Phoebe nodded. “There was a young woman in the next bed. Sheila, she was called. She said that she and her husband had been trying for seven years. She couldn’t get pregnant. Then her mother told her to go pray at the Lady’s Well at Holystone. She refused time and time again until she finally went. Had nothing left to lose, she said. Nine months later she gave birth to her first child. She went again and had another baby shortly afterward. She swore it was a miracle.”

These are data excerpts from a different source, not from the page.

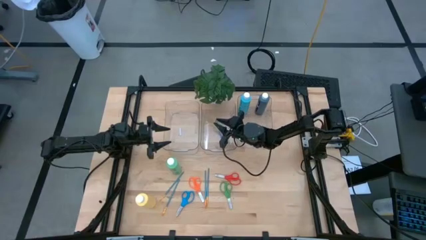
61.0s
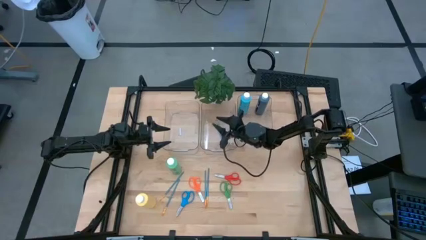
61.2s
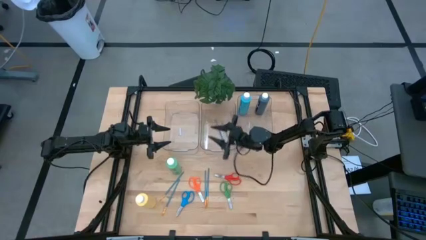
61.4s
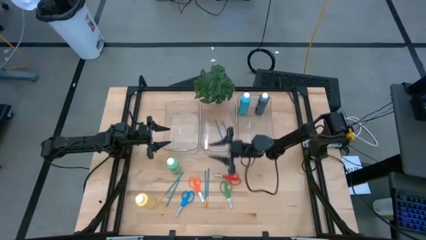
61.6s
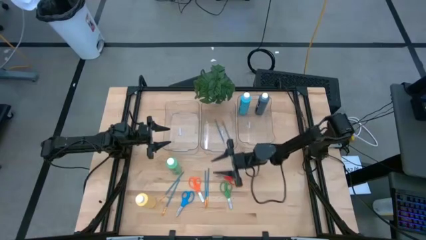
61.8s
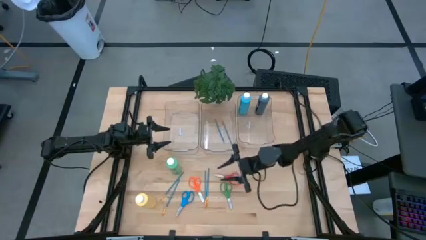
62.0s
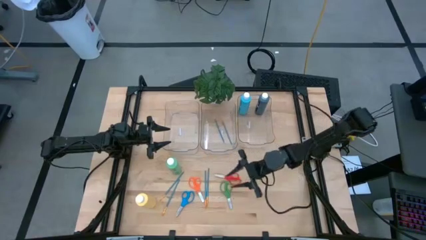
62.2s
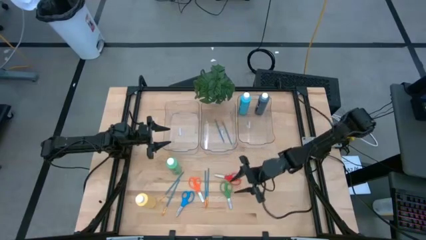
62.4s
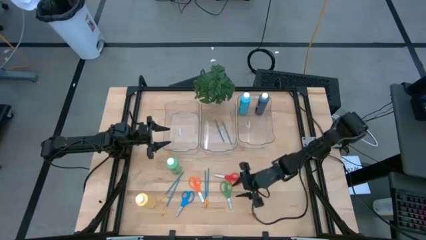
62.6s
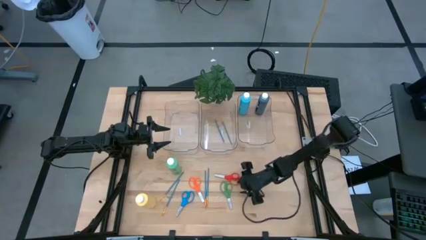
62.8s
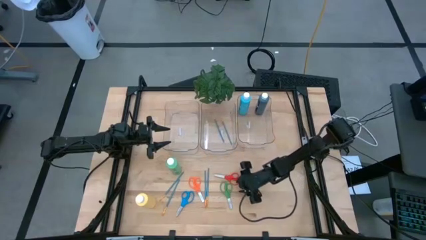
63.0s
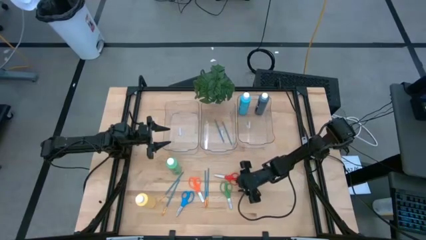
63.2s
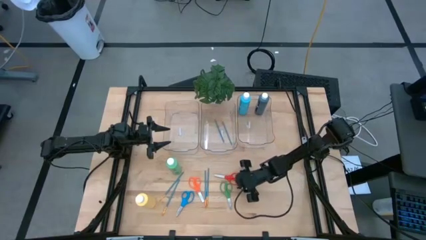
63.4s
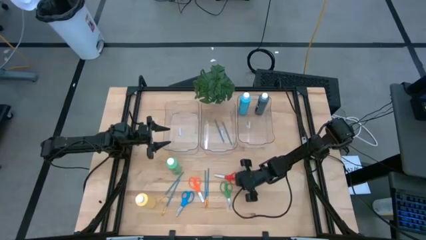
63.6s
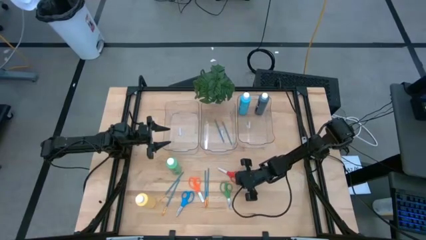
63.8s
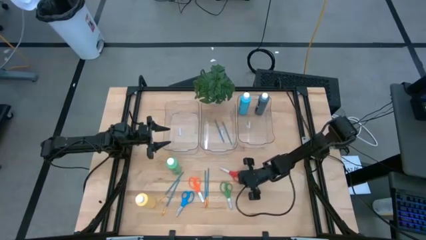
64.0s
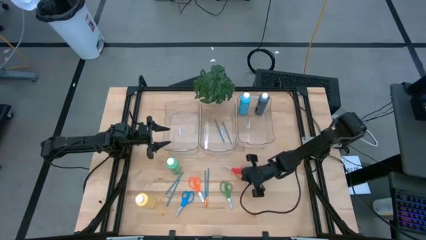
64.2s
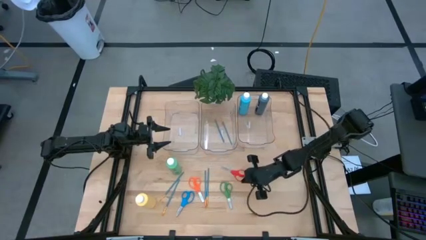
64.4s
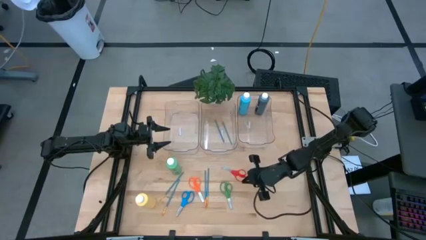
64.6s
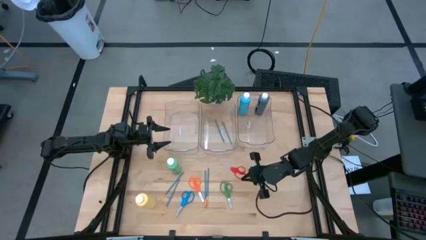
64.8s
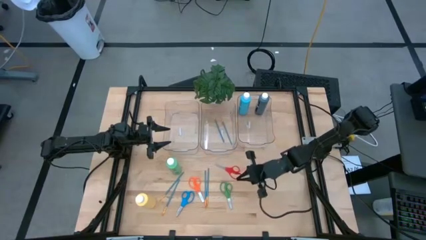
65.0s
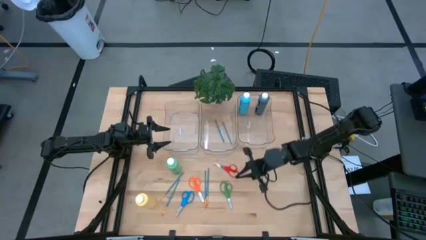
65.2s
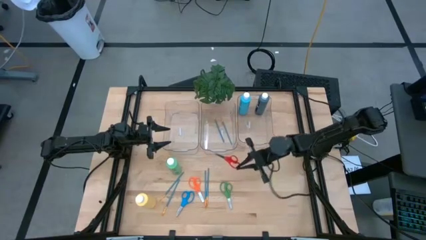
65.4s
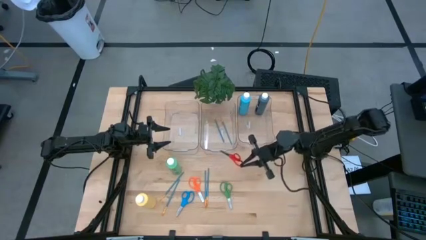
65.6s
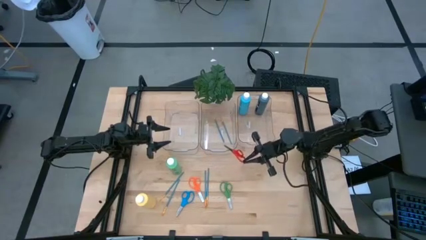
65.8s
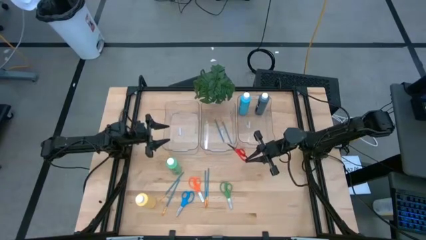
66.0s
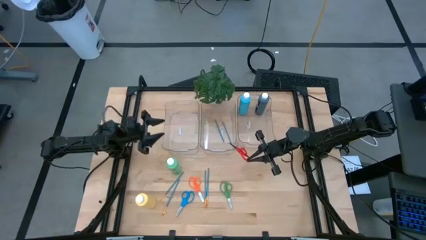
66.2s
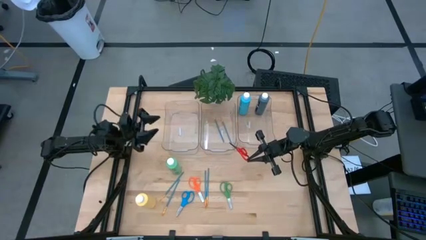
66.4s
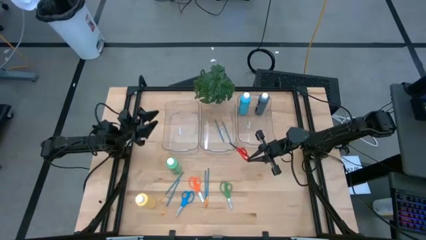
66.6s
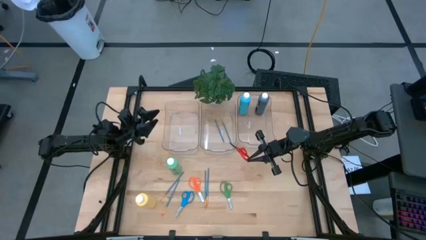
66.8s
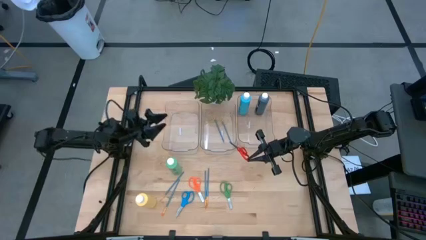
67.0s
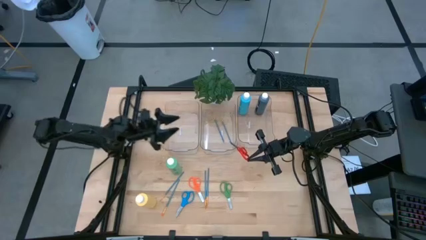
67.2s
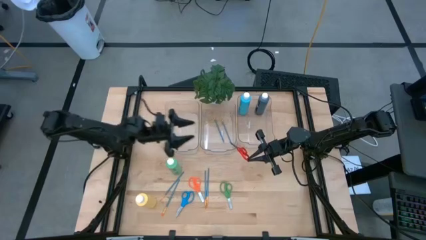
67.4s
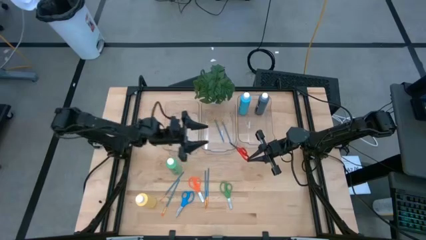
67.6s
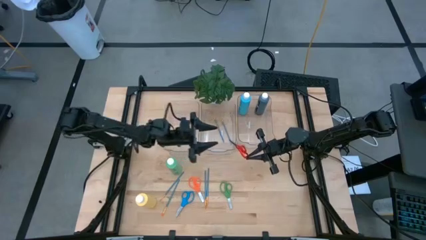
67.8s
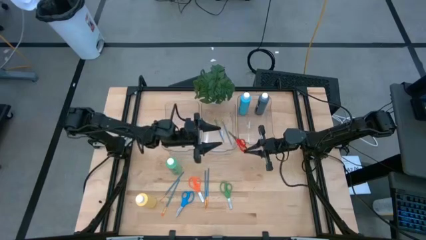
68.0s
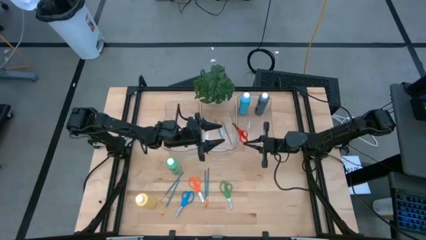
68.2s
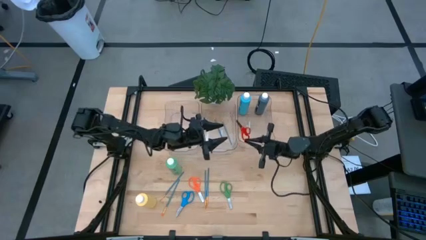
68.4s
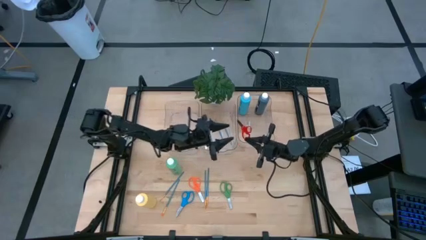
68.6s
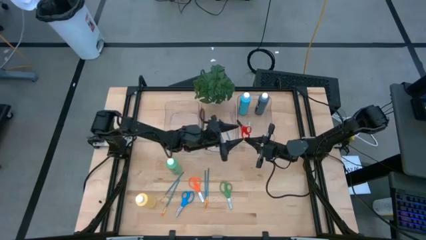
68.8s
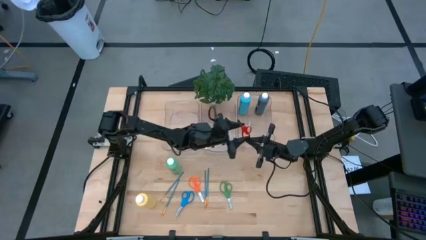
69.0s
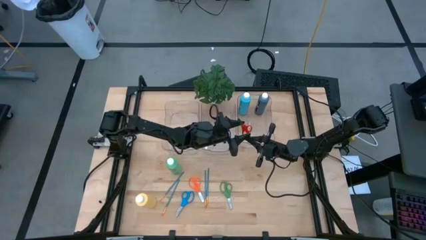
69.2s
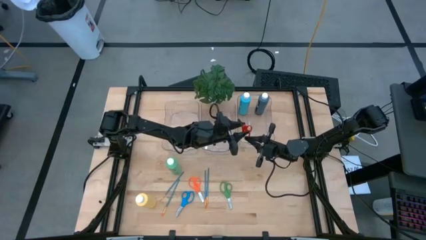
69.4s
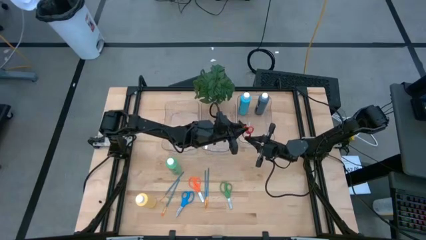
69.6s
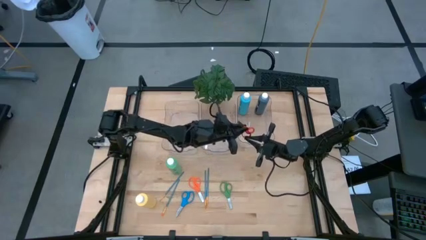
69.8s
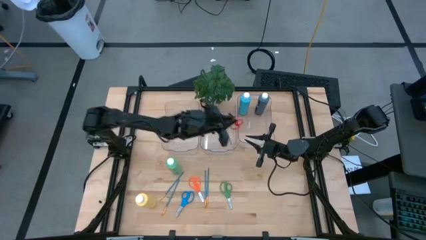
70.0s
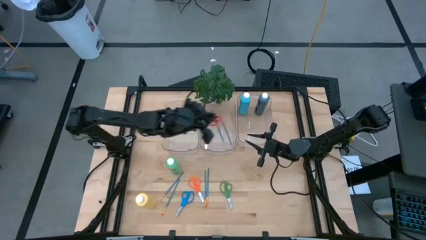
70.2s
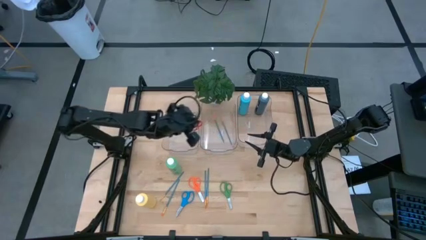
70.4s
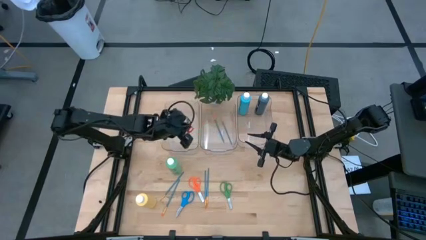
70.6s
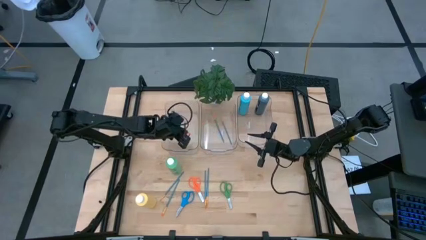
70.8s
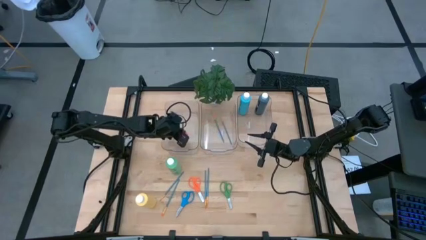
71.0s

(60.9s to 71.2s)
Task: Pick & Place Paint Supplies
Put the red scissors into the left transparent bin

“So you went?” Gabe asked.
“I went. I got on my knees and I prayed to the Blessed Virgin, and to whatever pagan gods inhabited that mystic place long before Christianity, to give me a living baby. I swore I’d never ask for anything again if I had one child that survived.”
“And you had Gabe?” Quinn asked, stunned.
“Gabe was born less than a year later, healthy and strong. It was a miracle, in my book.”
“Why did you go back?” Gabe asked. He glanced away when Quinn gave him a loaded look, implying that he was being obtuse.
“I wanted another child. I was happy and busy with Gabe, but he was getting older, about to start school, and I began longing for another child. I wanted a daughter, you see.”
“I’m sorry it didn’t work, Mum,” Gabe said.
“No, it didn’t. I prayed, but I wasn’t granted another miracle. Perhaps it was because I’d promised I wouldn’t ask again. Or perhaps because I was just too old by that point to get pregnant naturally. Nowadays, I would still be considered fertile, but in those days, a woman over thirty was considered to be ‘past her prime.’ We tried for several years, but I never got pregnant again. Still, I think my Gabe is a miracle, and I’ll say so to anyone who asks,” Phoebe concluded defiantly.